*What this task involves:*
Write out exactly, excluding pictures, the lines from the one containing "Image recorded 5.0 s after image 1." through the end of the data, both included.

"""

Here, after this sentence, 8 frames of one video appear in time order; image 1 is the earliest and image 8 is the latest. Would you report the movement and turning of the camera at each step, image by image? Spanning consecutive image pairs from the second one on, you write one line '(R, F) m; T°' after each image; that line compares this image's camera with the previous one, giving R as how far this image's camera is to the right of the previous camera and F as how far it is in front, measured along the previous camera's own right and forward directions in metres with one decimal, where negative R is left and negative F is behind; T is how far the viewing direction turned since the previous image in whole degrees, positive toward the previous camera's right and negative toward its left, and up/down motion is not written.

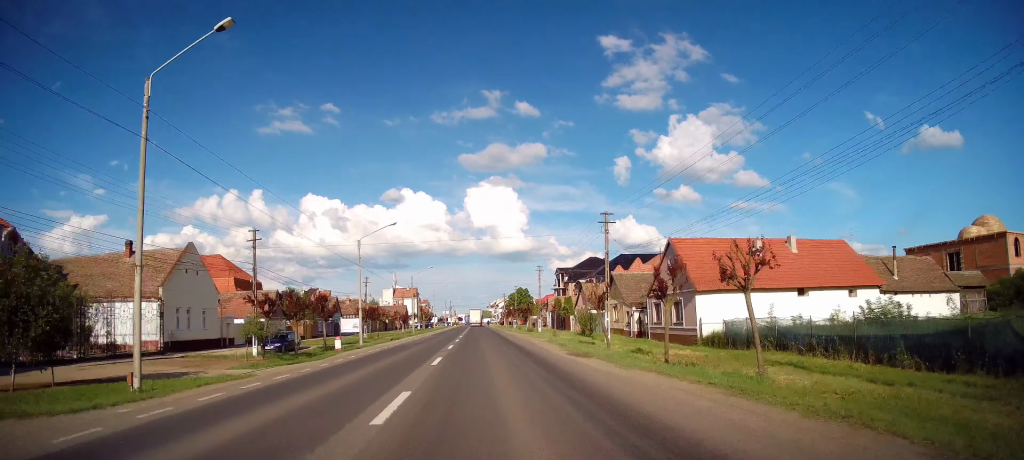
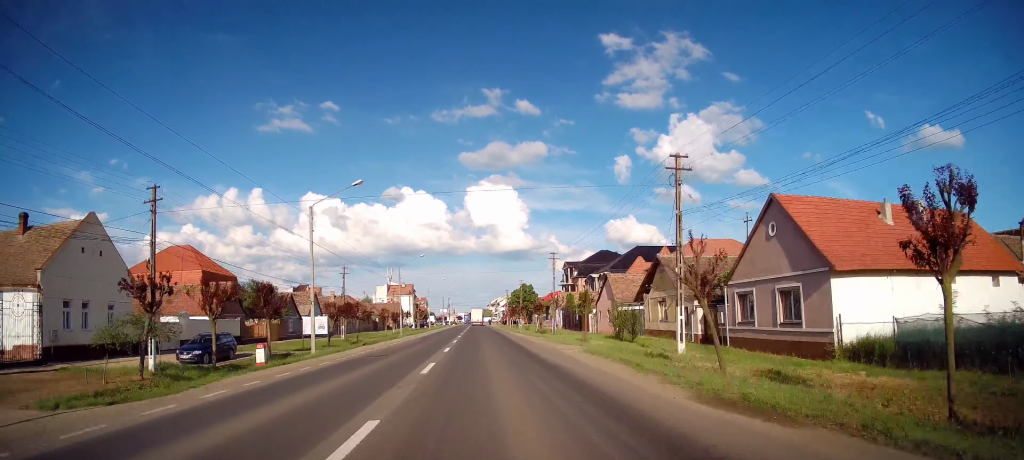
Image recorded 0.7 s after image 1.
(+0.1, +12.3) m; 0°
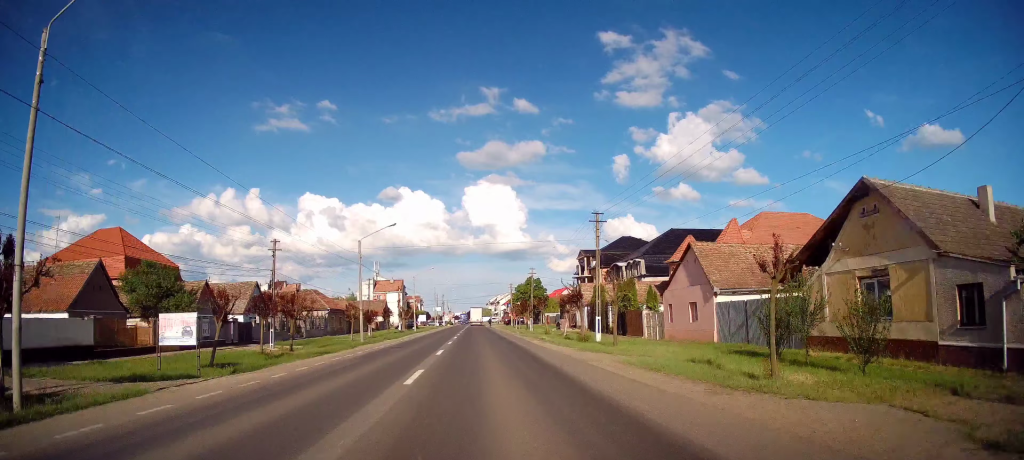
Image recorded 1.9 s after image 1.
(-0.2, +19.7) m; +1°
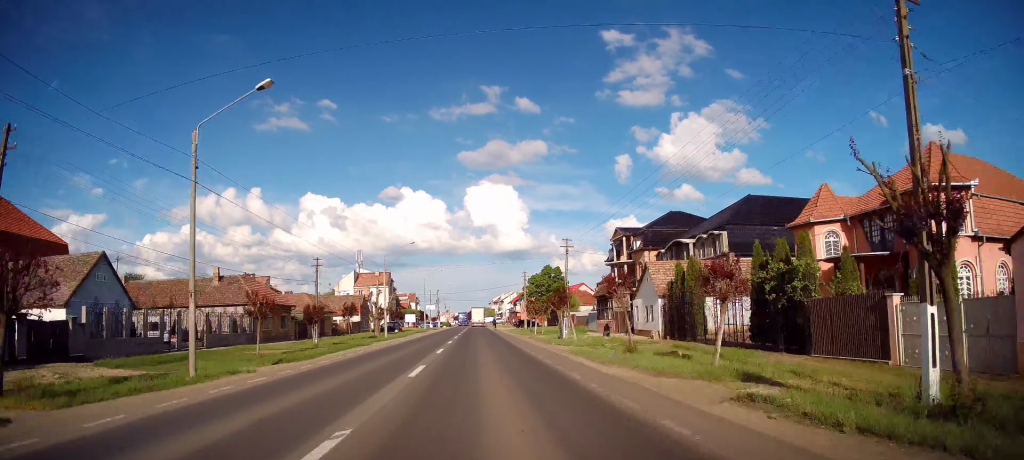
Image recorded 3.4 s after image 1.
(+0.5, +25.3) m; -1°
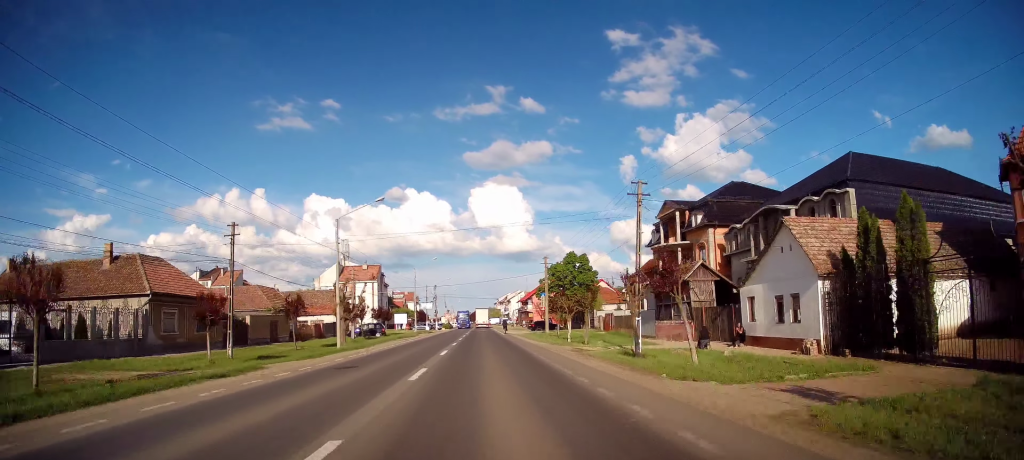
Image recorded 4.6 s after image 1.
(-0.6, +19.1) m; -2°
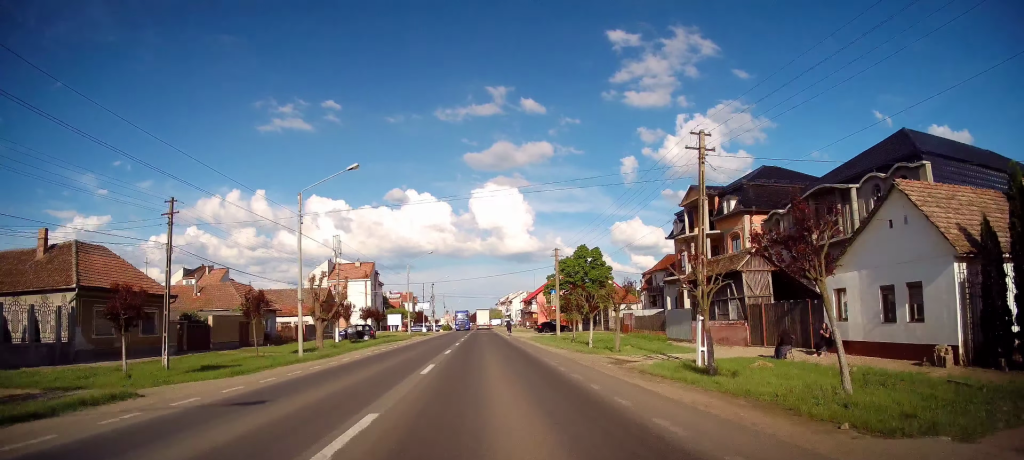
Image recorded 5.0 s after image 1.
(0.0, +6.9) m; +1°
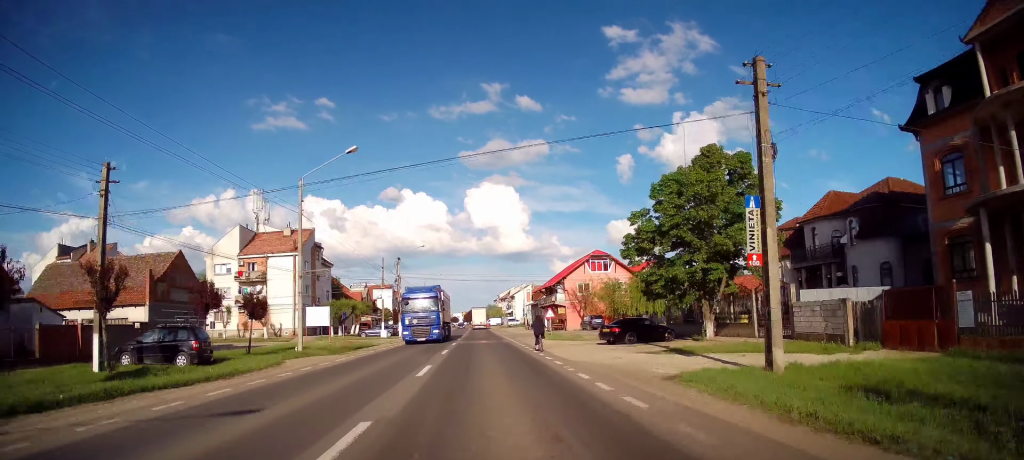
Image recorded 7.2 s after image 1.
(+0.9, +36.7) m; +1°
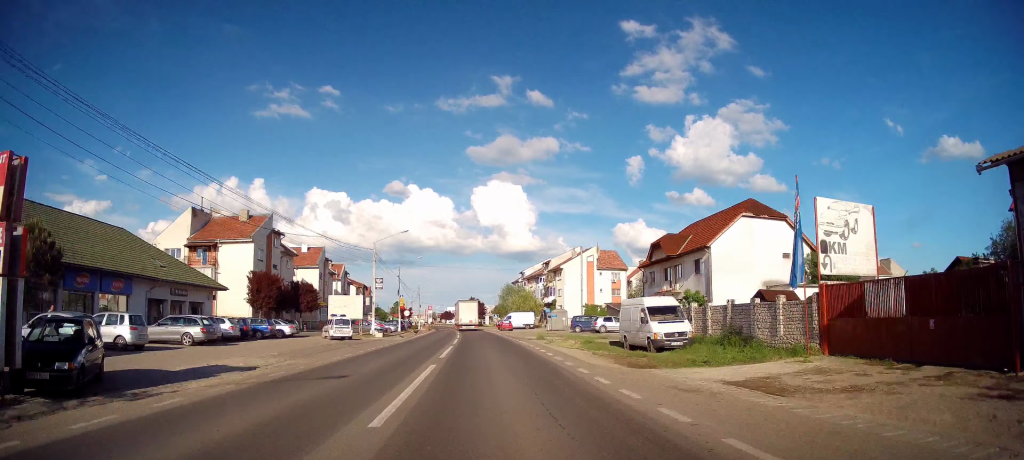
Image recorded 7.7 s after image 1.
(0.0, +9.0) m; 0°

"""

*Exercise response:*
Image recorded 5.0 s after image 1.
(0.0, +6.9) m; +1°
Image recorded 7.2 s after image 1.
(+0.9, +36.7) m; +1°
Image recorded 7.7 s after image 1.
(0.0, +9.0) m; 0°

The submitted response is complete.